(Records from a collection)

+ + +

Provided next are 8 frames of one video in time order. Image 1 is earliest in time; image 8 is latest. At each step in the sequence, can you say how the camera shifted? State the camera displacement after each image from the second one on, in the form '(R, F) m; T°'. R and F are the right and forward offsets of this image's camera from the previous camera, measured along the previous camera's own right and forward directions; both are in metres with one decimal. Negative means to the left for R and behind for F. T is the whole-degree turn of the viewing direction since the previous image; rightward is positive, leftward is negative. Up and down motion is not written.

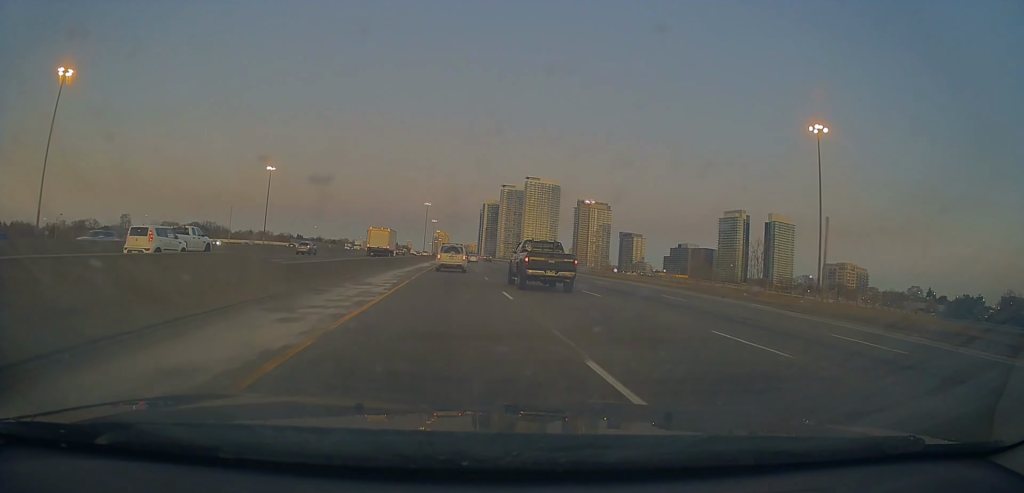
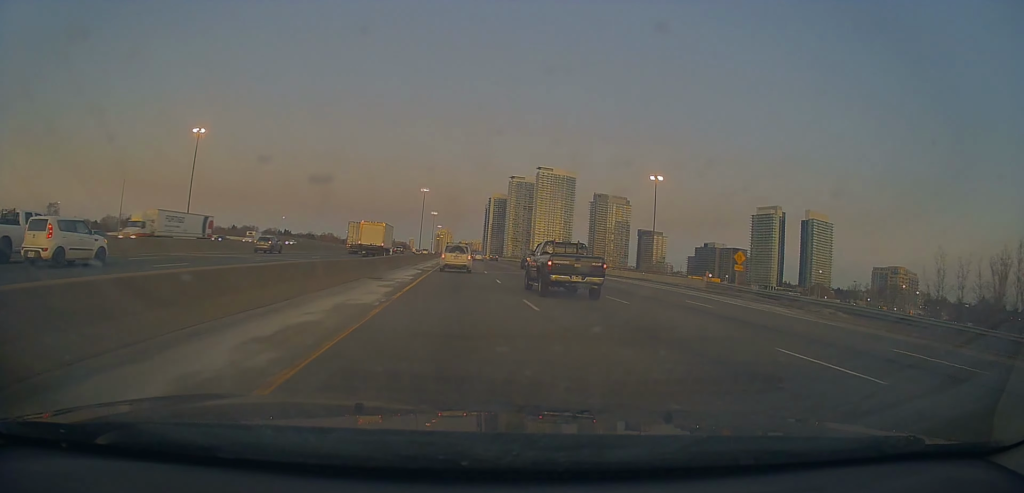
(+0.3, +75.5) m; 0°
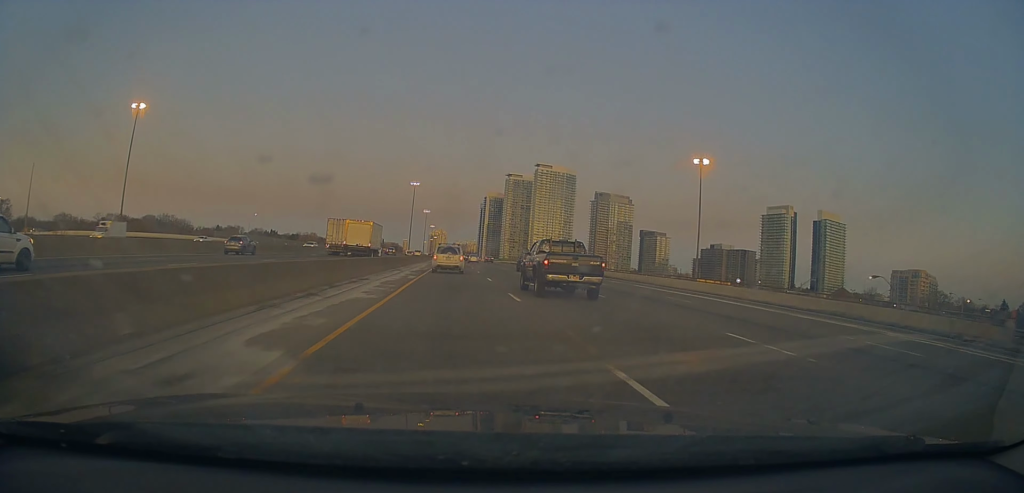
(-0.6, +34.2) m; -1°
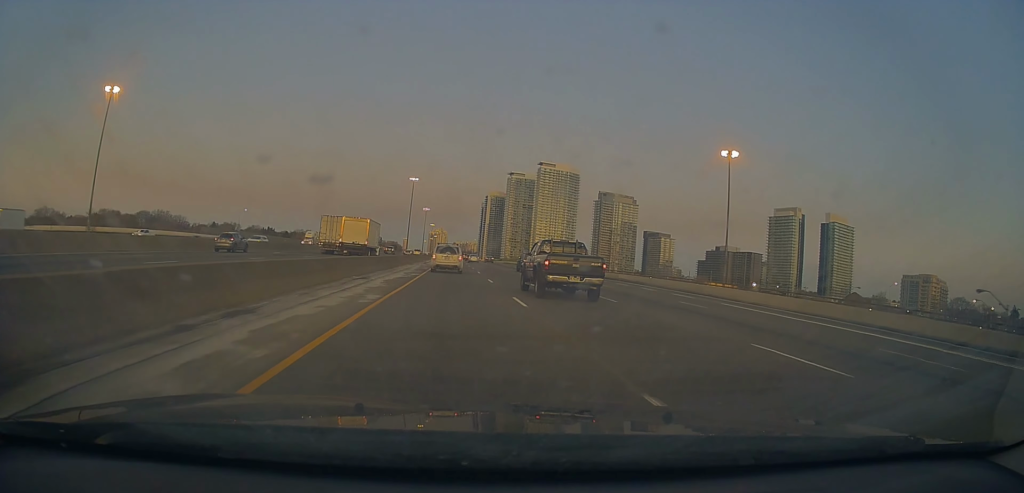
(-0.1, +13.8) m; +1°
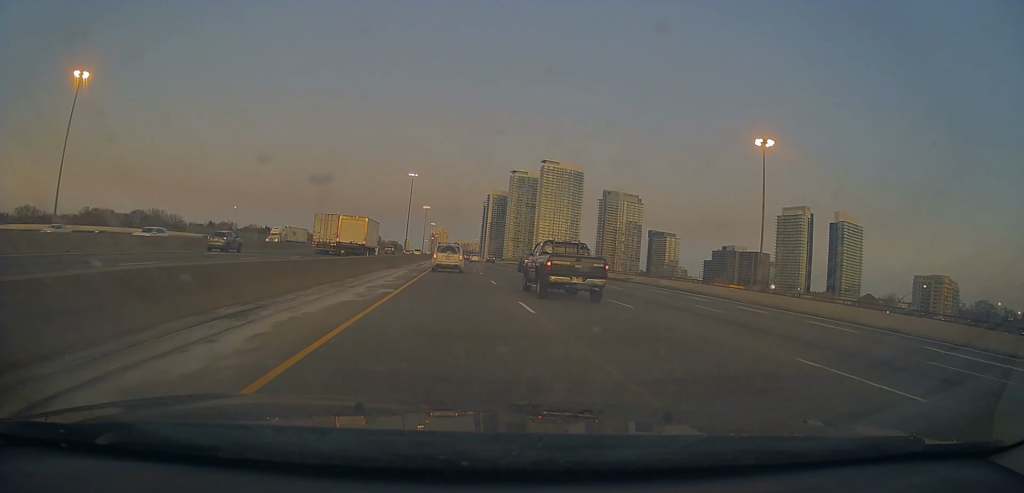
(0.0, +13.8) m; +1°
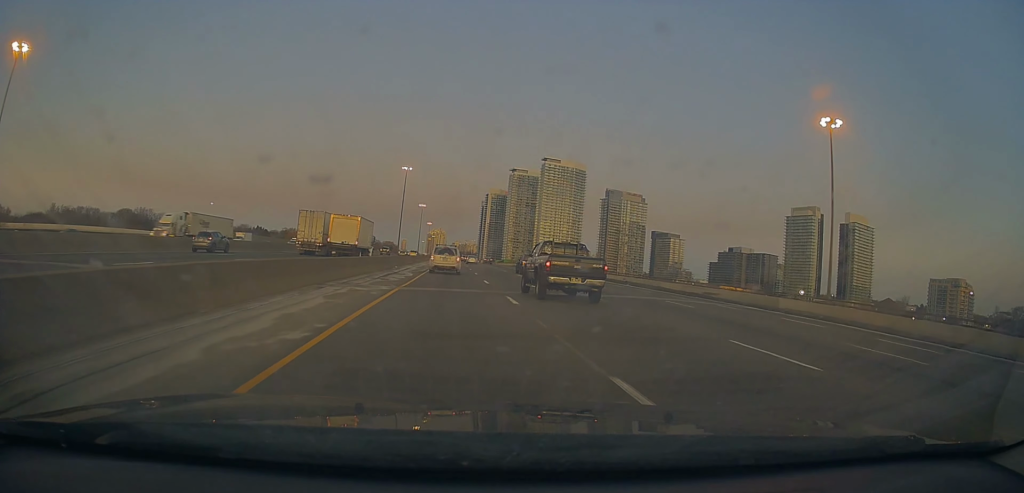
(+0.4, +21.8) m; +1°
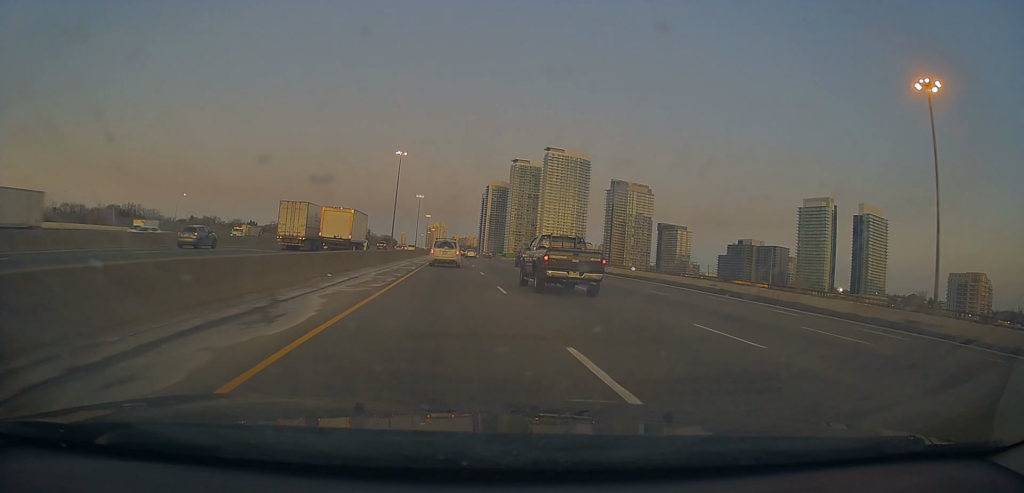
(0.0, +22.6) m; -1°
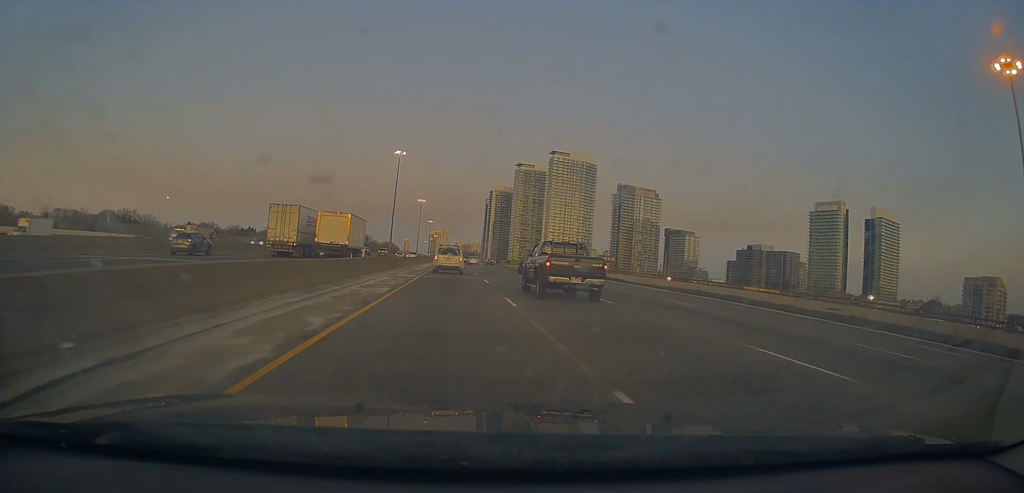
(-0.1, +14.4) m; 0°

+ + +

* Task directions:
Your task is to restate every record word for word. Omit all pictures.

* Solution below:
Provided next are 8 frames of one video in time order. Image 1 is earliest in time; image 8 is latest. At each step in the sequence, can you say how the camera shifted? State the camera displacement after each image from the second one on, in the form '(R, F) m; T°'. R and F are the right and forward offsets of this image's camera from the previous camera, measured along the previous camera's own right and forward directions; both are in metres with one decimal. Negative means to the left for R and behind for F. T is the whole-degree turn of the viewing direction since the previous image; rightward is positive, leftward is negative. Up and down motion is not written.

(+0.3, +75.5) m; 0°
(-0.6, +34.2) m; -1°
(-0.1, +13.8) m; +1°
(0.0, +13.8) m; +1°
(+0.4, +21.8) m; +1°
(0.0, +22.6) m; -1°
(-0.1, +14.4) m; 0°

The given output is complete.